(Records excerpted from a collection)
---*---

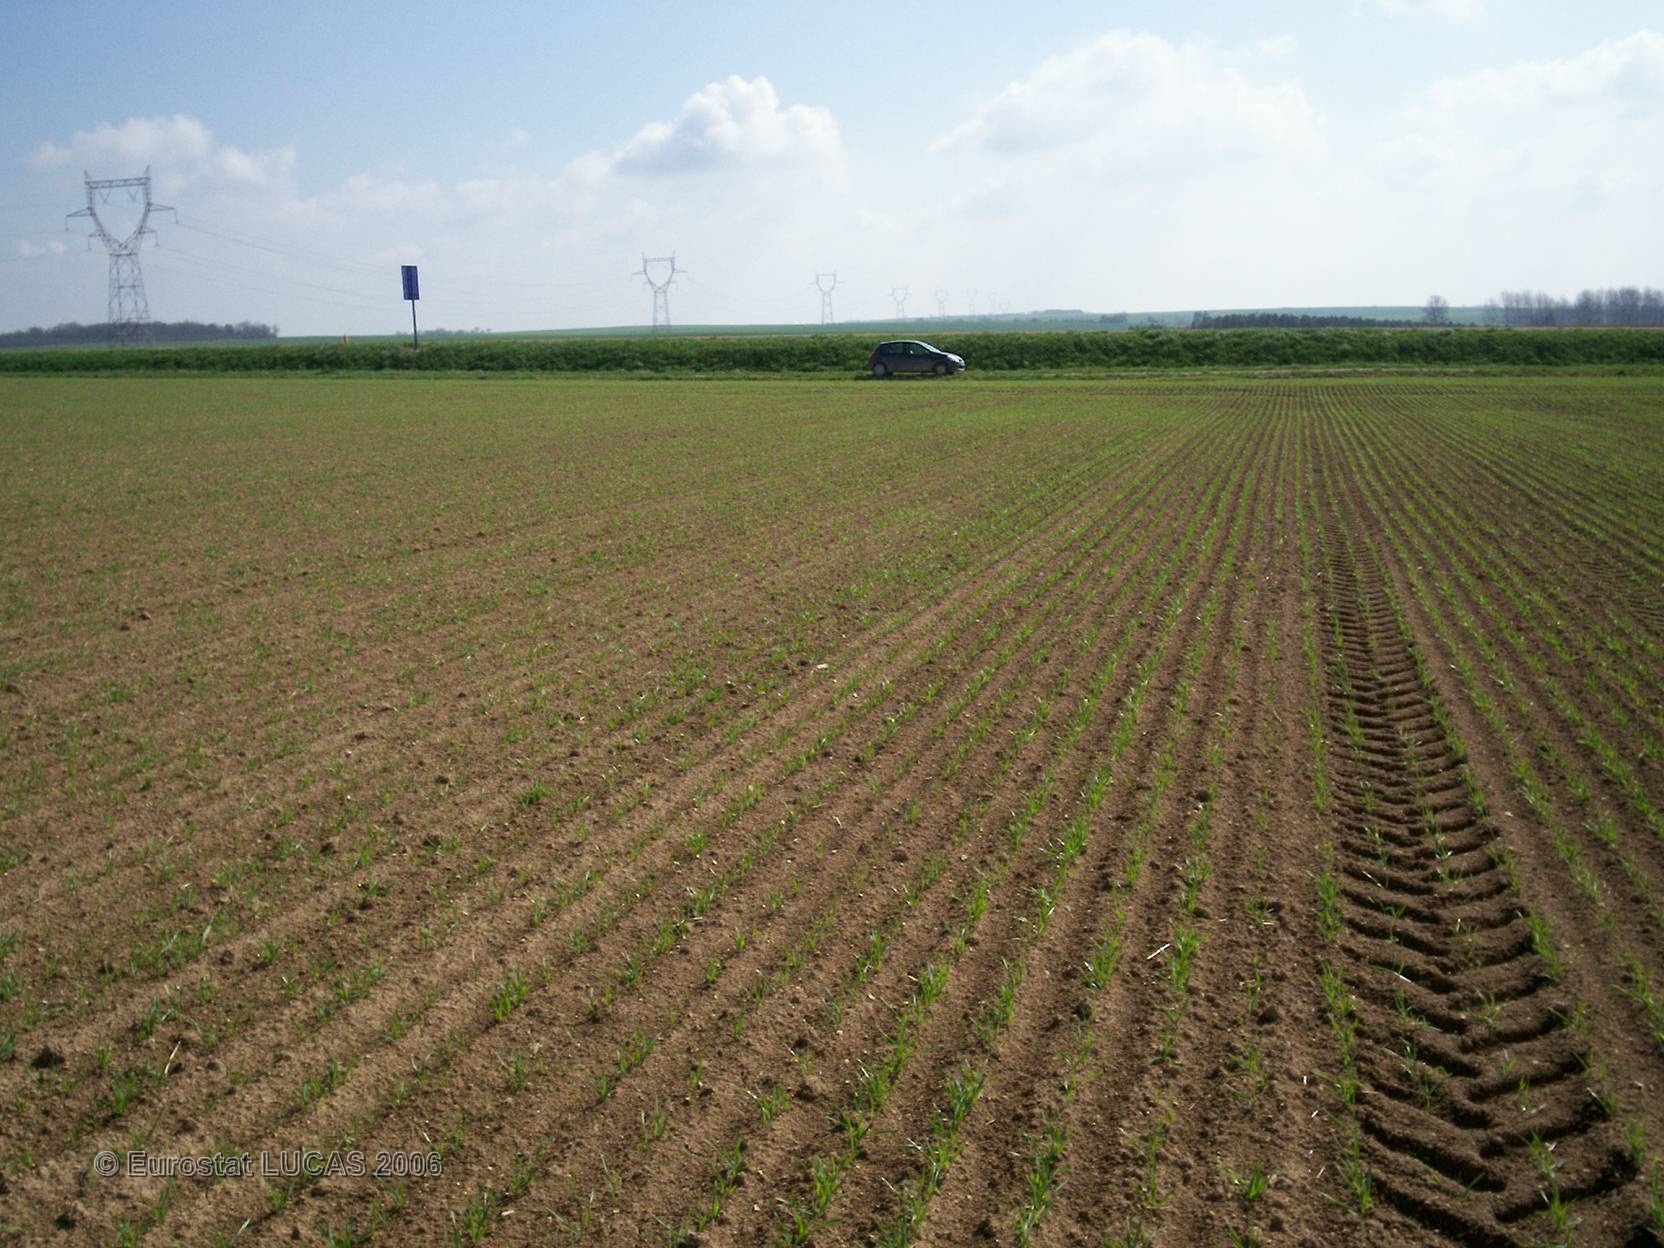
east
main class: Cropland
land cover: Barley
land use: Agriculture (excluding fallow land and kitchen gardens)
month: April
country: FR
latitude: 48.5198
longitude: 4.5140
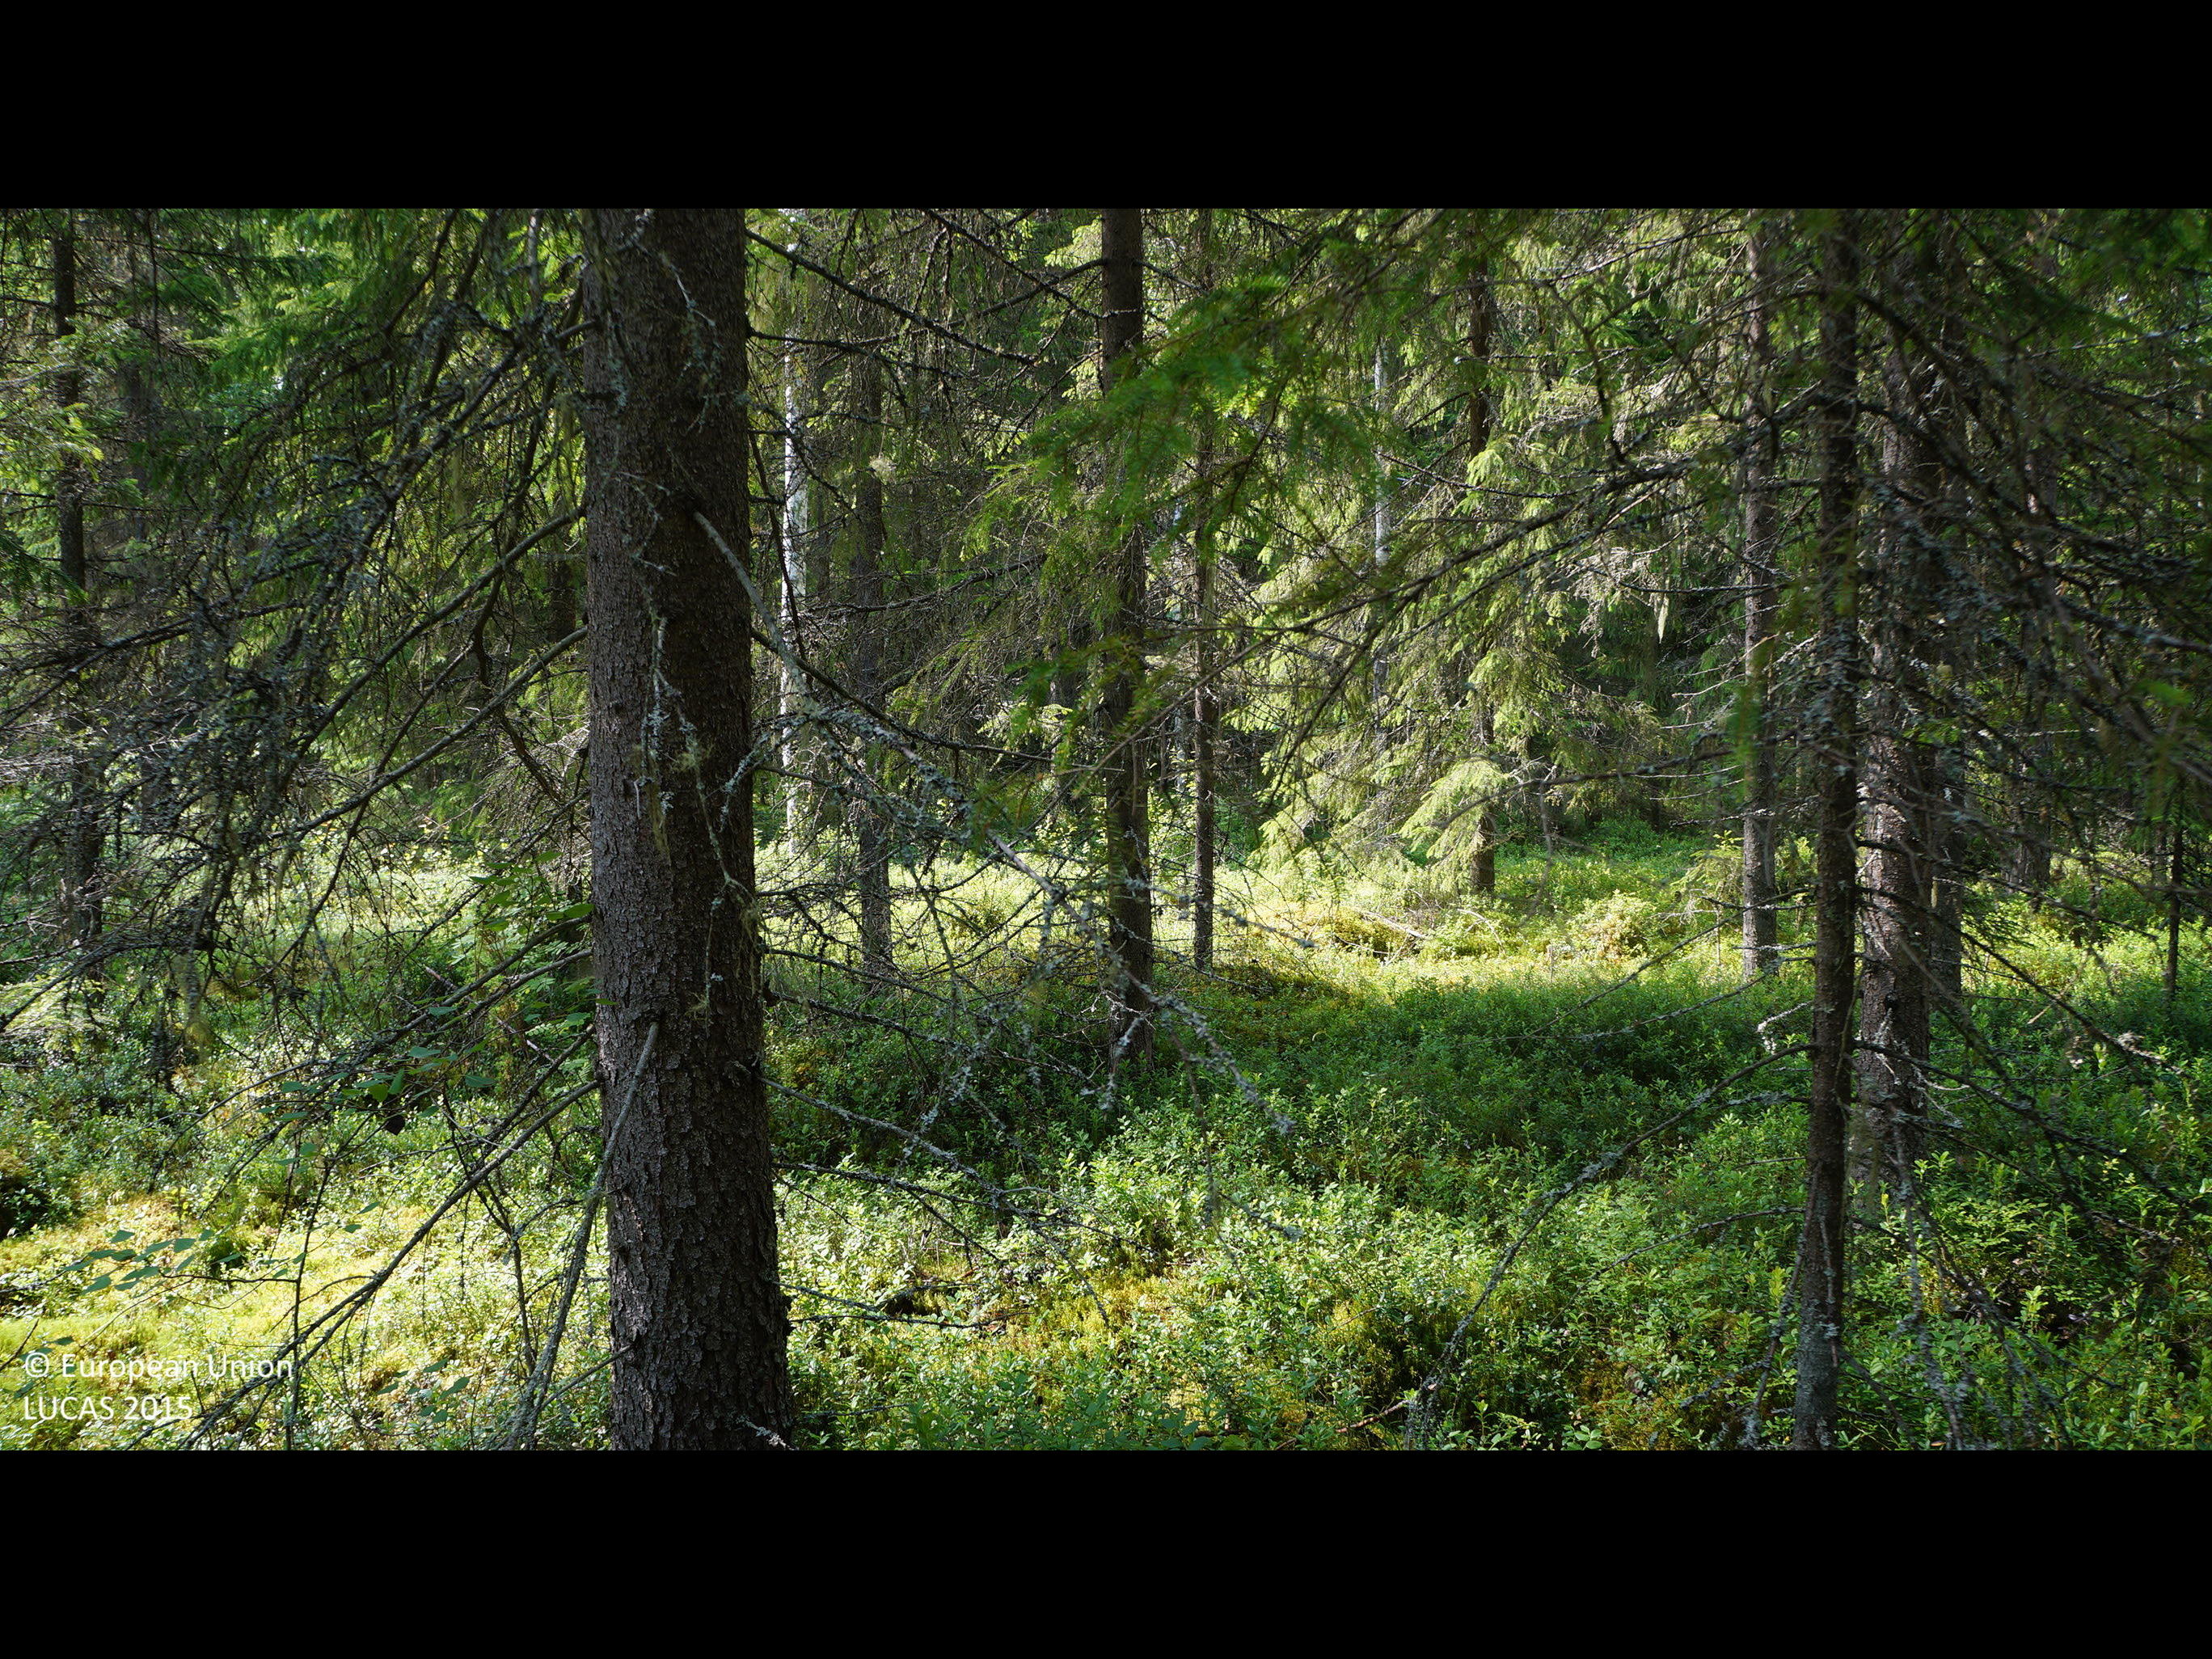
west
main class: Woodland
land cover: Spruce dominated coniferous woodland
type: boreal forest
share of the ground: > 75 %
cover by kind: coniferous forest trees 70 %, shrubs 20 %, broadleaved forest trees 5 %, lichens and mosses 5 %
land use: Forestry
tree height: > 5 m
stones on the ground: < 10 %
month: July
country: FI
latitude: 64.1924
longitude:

---*---

--- Task item ---
Exactly the lines from the one with "land use: Agriculture" through the end of the records are to be repeated, both ends included, and pictures are to be omitted.

--- Output of the task ---
land use: Agriculture (excluding fallow land and kitchen gardens)
month: April
country: FR
latitude: 48.5198
longitude: 4.5140
west
main class: Woodland
land cover: Spruce dominated coniferous woodland
type: boreal forest
share of the ground: > 75 %
cover by kind: coniferous forest trees 70 %, shrubs 20 %, broadleaved forest trees 5 %, lichens and mosses 5 %
land use: Forestry
tree height: > 5 m
stones on the ground: < 10 %
month: July
country: FI
latitude: 64.1924
longitude:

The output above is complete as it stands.